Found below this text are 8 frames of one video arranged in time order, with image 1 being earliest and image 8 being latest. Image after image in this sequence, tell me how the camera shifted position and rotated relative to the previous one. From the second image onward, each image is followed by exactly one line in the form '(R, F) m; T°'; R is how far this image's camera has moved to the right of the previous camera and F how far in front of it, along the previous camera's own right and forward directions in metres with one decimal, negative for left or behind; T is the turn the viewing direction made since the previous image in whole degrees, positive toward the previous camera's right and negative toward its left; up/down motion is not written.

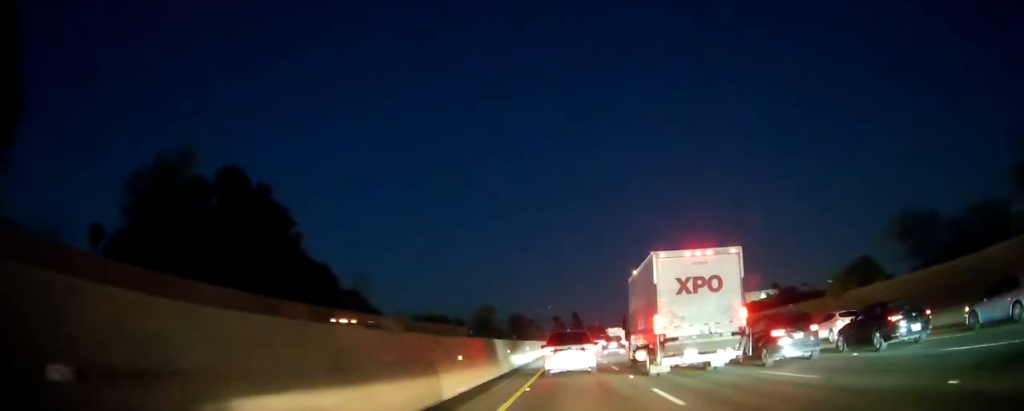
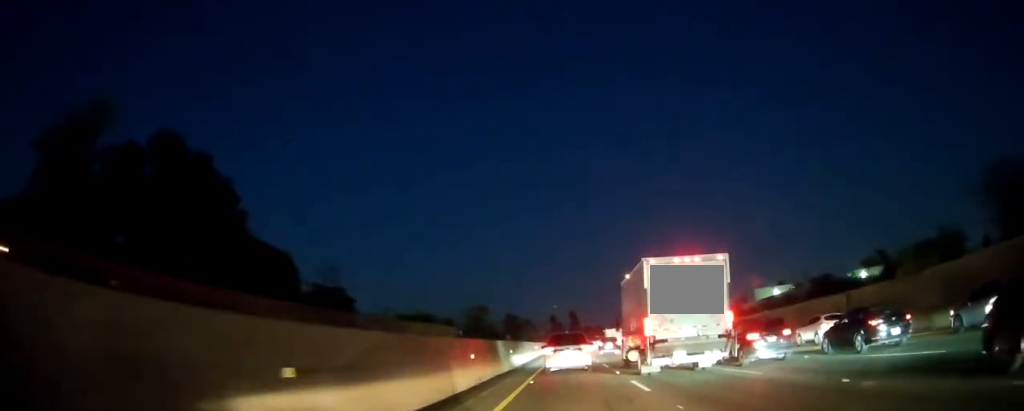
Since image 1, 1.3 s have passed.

==

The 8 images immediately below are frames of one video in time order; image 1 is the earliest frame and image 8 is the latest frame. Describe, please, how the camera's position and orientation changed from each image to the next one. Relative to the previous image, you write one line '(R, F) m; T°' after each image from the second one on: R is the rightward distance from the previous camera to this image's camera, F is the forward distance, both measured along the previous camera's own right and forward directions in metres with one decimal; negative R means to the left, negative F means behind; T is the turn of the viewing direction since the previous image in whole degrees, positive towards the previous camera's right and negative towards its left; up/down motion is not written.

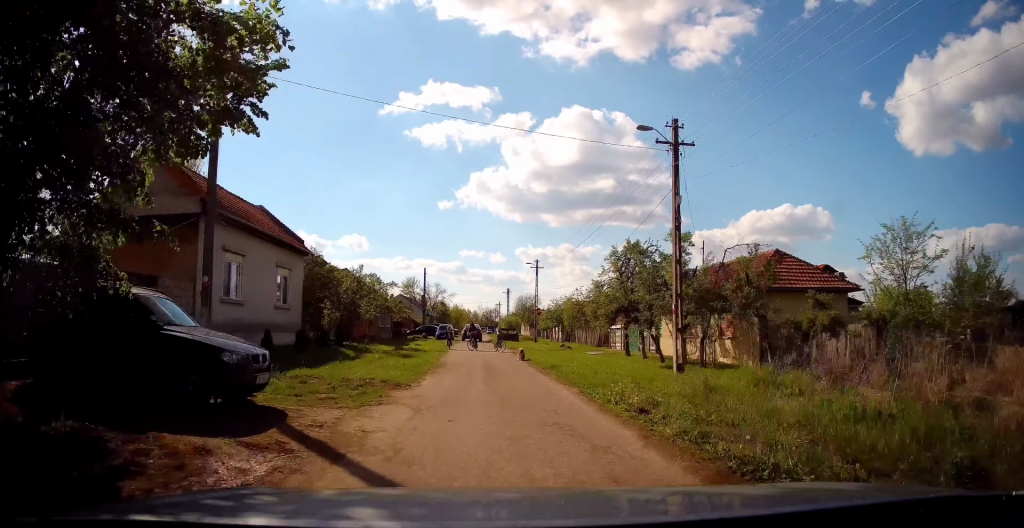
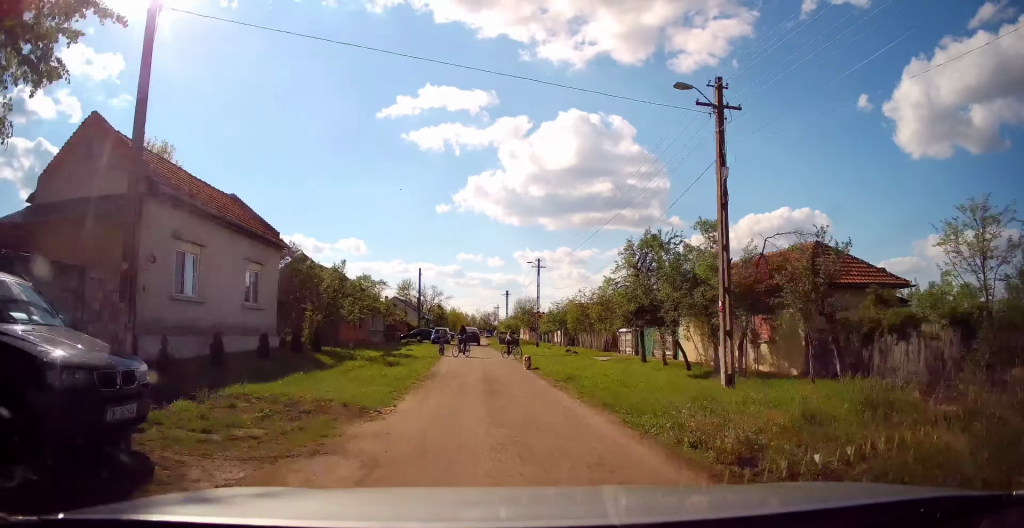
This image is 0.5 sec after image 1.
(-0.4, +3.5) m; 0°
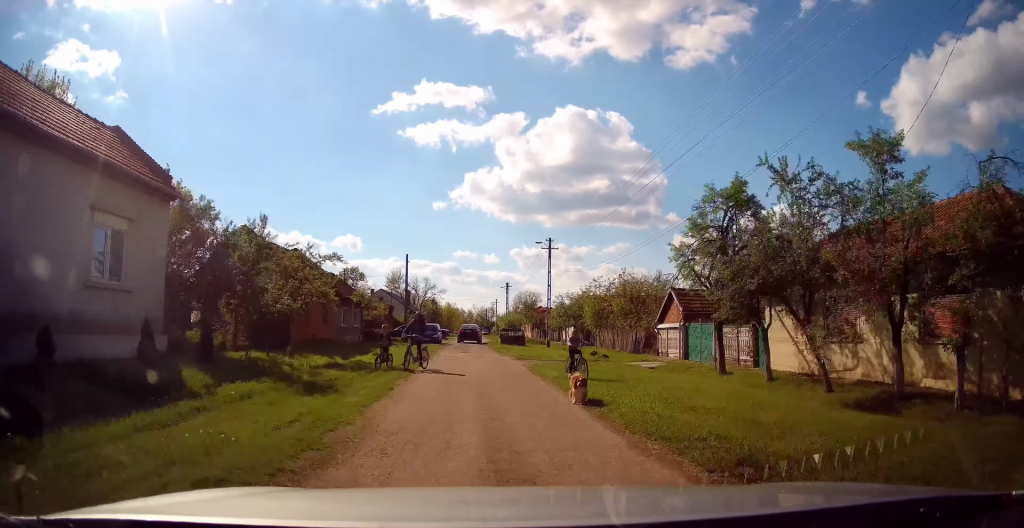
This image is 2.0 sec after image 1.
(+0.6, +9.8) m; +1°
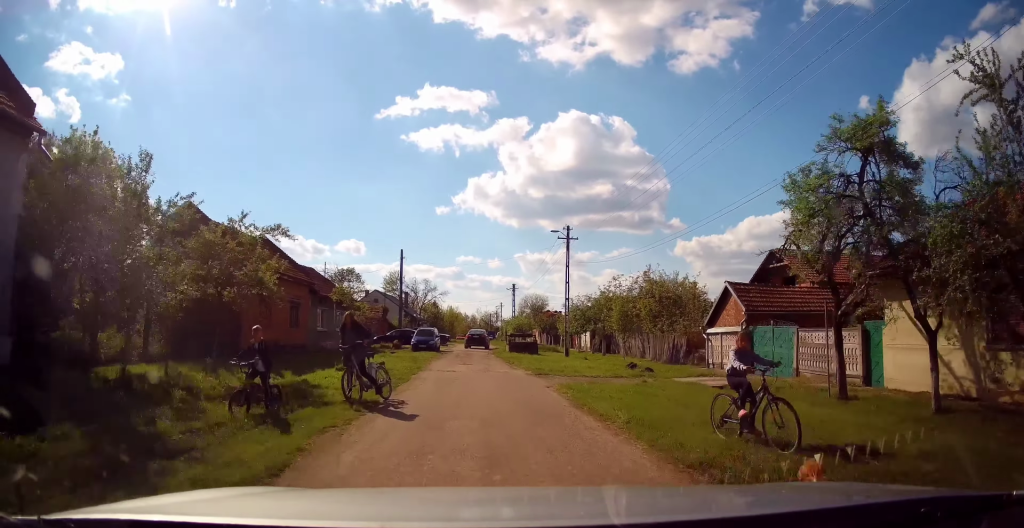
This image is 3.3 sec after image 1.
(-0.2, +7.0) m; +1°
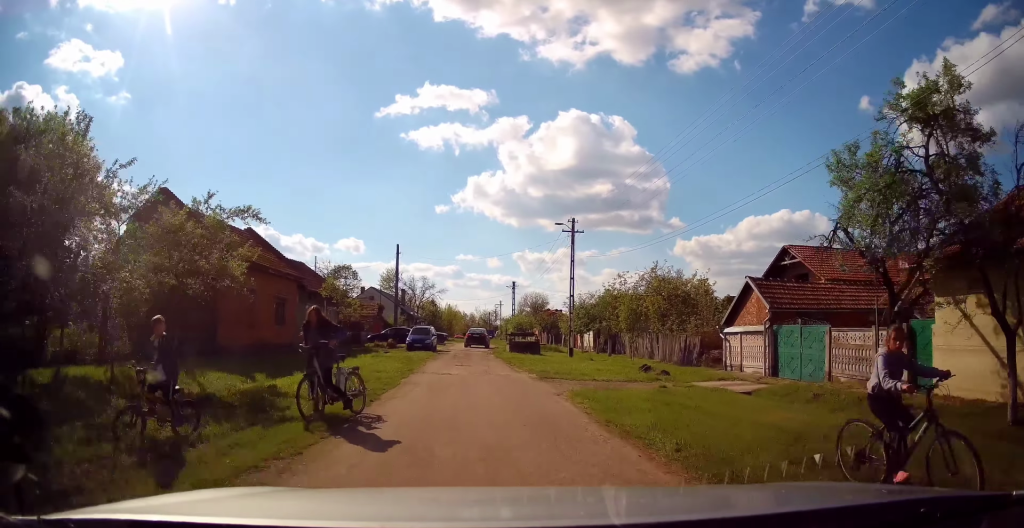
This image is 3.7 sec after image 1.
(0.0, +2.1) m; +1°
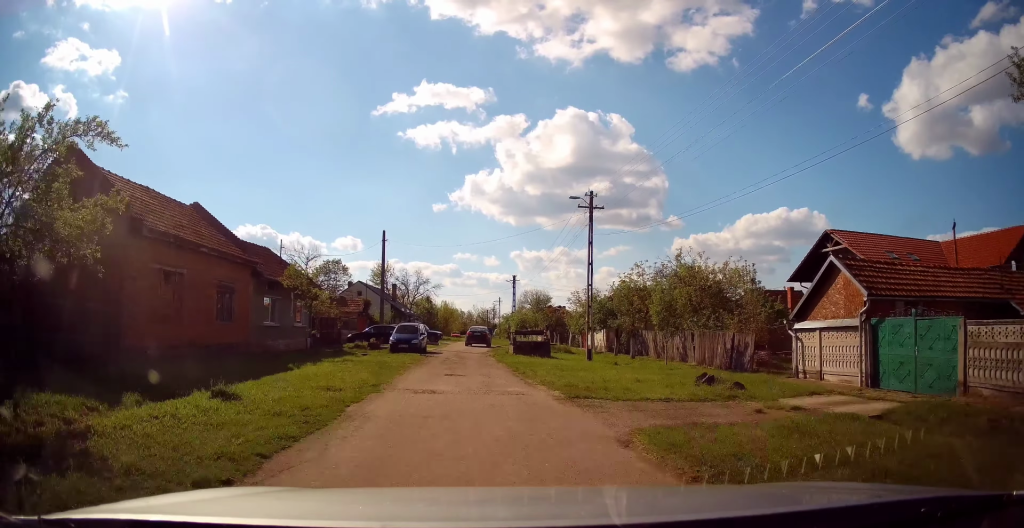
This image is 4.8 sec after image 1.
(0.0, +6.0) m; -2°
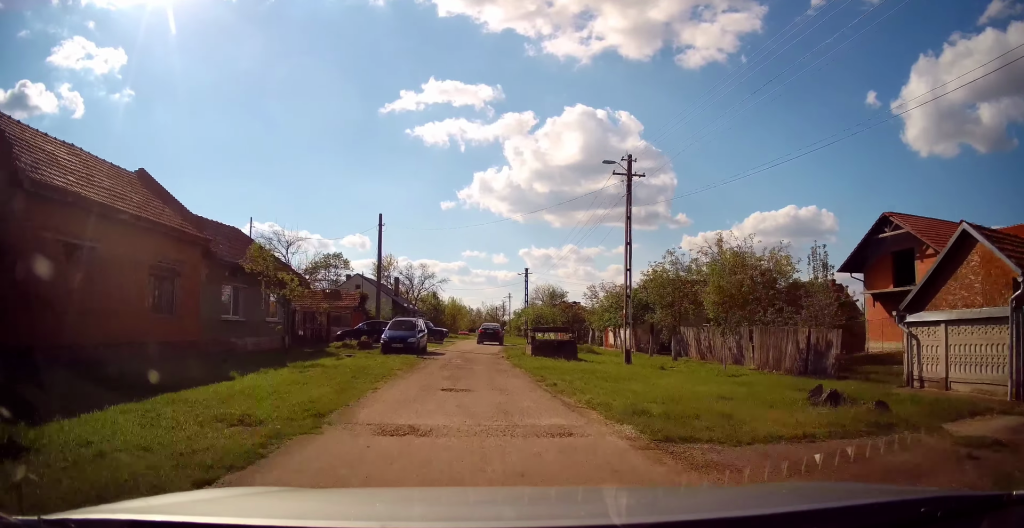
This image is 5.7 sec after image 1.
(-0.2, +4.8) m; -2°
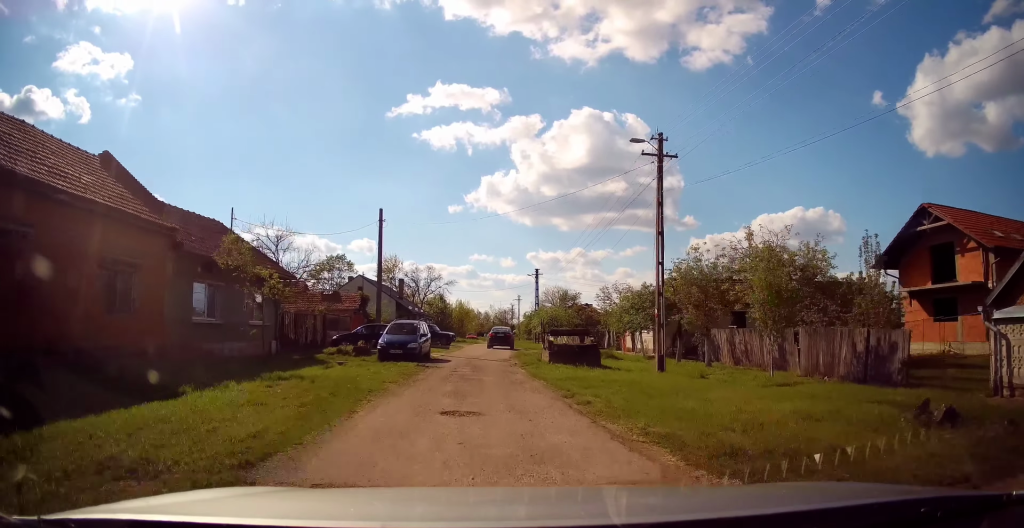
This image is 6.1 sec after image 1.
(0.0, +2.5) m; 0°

...

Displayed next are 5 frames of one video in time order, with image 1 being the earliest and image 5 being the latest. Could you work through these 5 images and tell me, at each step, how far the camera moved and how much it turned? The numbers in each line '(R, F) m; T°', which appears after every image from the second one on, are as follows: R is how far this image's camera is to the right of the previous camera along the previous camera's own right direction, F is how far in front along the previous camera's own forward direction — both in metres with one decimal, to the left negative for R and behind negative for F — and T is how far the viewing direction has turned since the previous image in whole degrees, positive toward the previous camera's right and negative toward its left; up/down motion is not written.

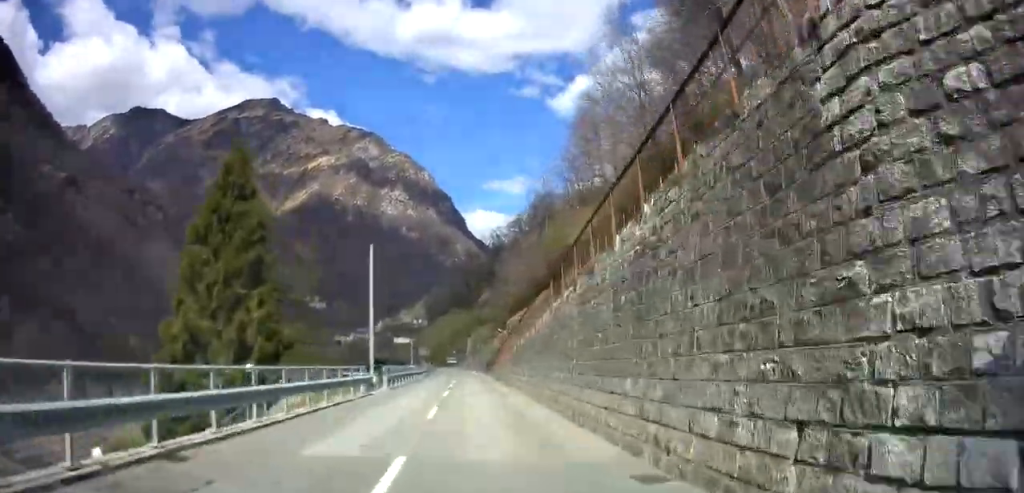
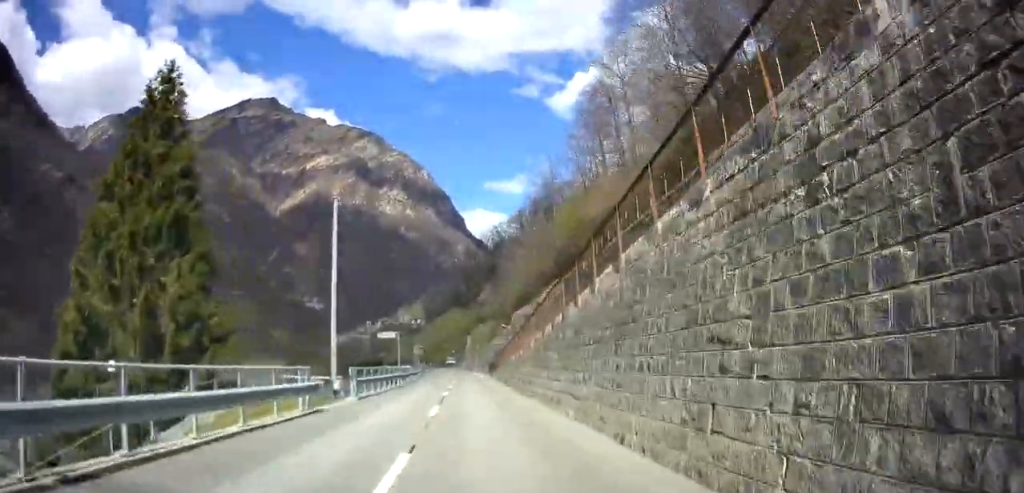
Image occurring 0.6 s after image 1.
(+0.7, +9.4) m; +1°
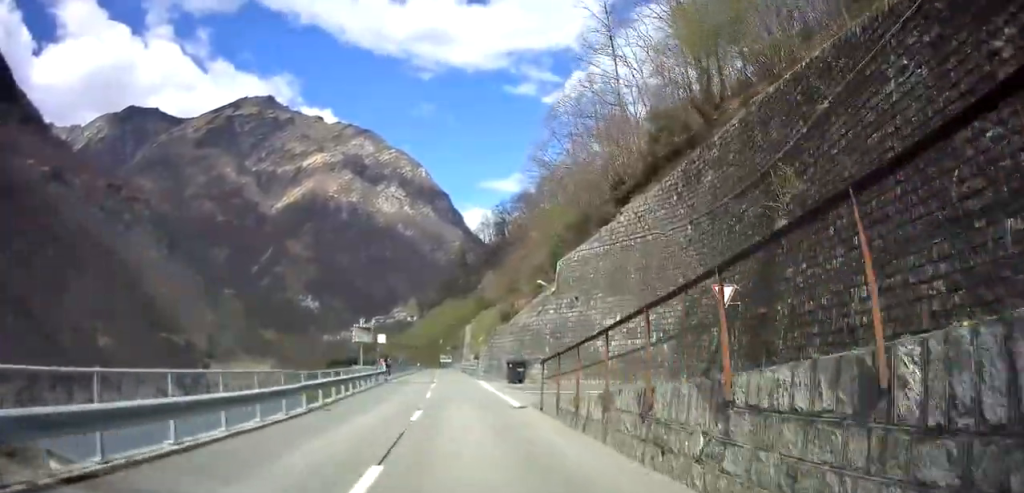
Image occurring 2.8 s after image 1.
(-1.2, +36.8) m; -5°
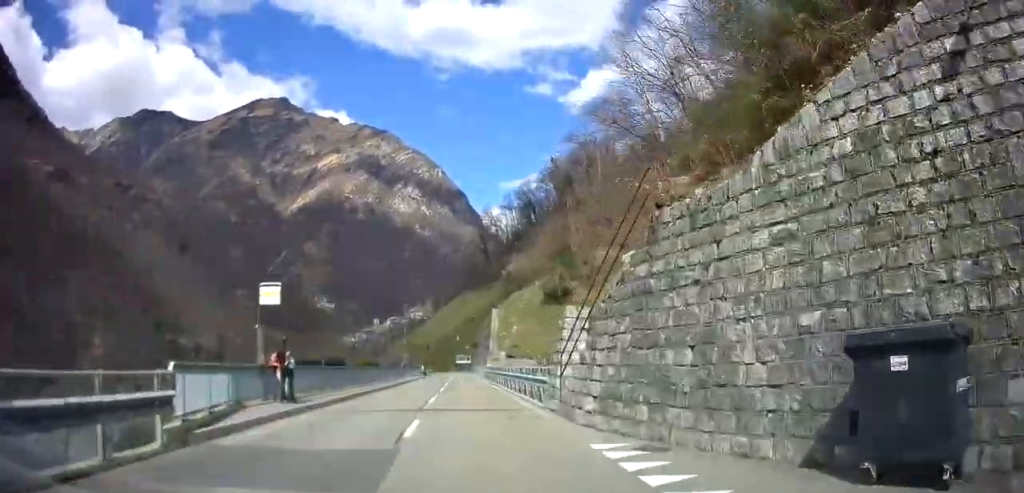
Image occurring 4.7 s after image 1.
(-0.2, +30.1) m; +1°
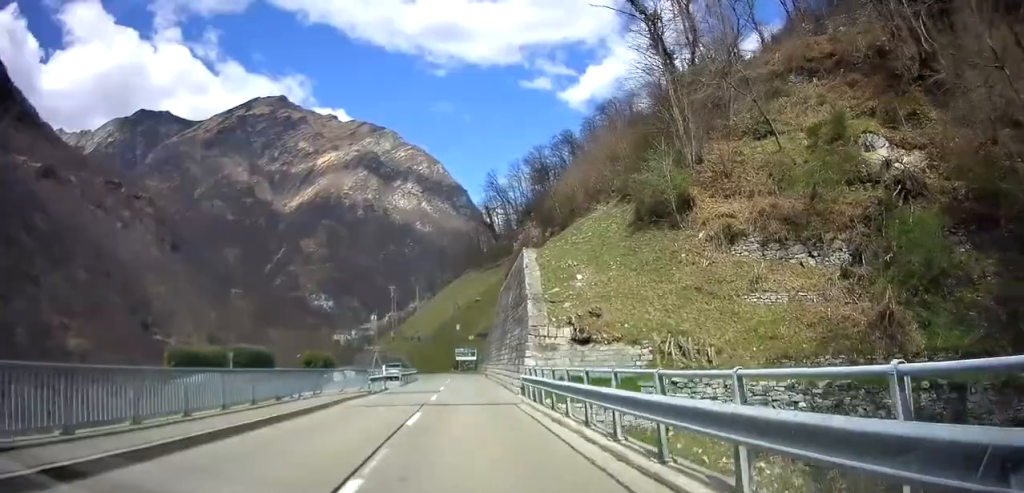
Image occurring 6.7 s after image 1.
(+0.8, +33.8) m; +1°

Your instructions » Output exactly, and only, the lines of the entries above from the one with "Found below this" up to and including the one with "Since image 1, 1.3 s have passed."; pictures are to be left out.

Task output »
Found below this text are 8 frames of one video arranged in time order, with image 1 being earliest and image 8 being latest. Image after image in this sequence, tell me how the camera shifted position and rotated relative to the previous one. From the second image onward, each image is followed by exactly one line in the form '(R, F) m; T°'; R is how far this image's camera has moved to the right of the previous camera and F how far in front of it, along the previous camera's own right and forward directions in metres with one decimal, negative for left or behind; T is the turn the viewing direction made since the previous image in whole degrees, positive toward the previous camera's right and negative toward its left; up/down motion is not written.

Since image 1, 1.3 s have passed.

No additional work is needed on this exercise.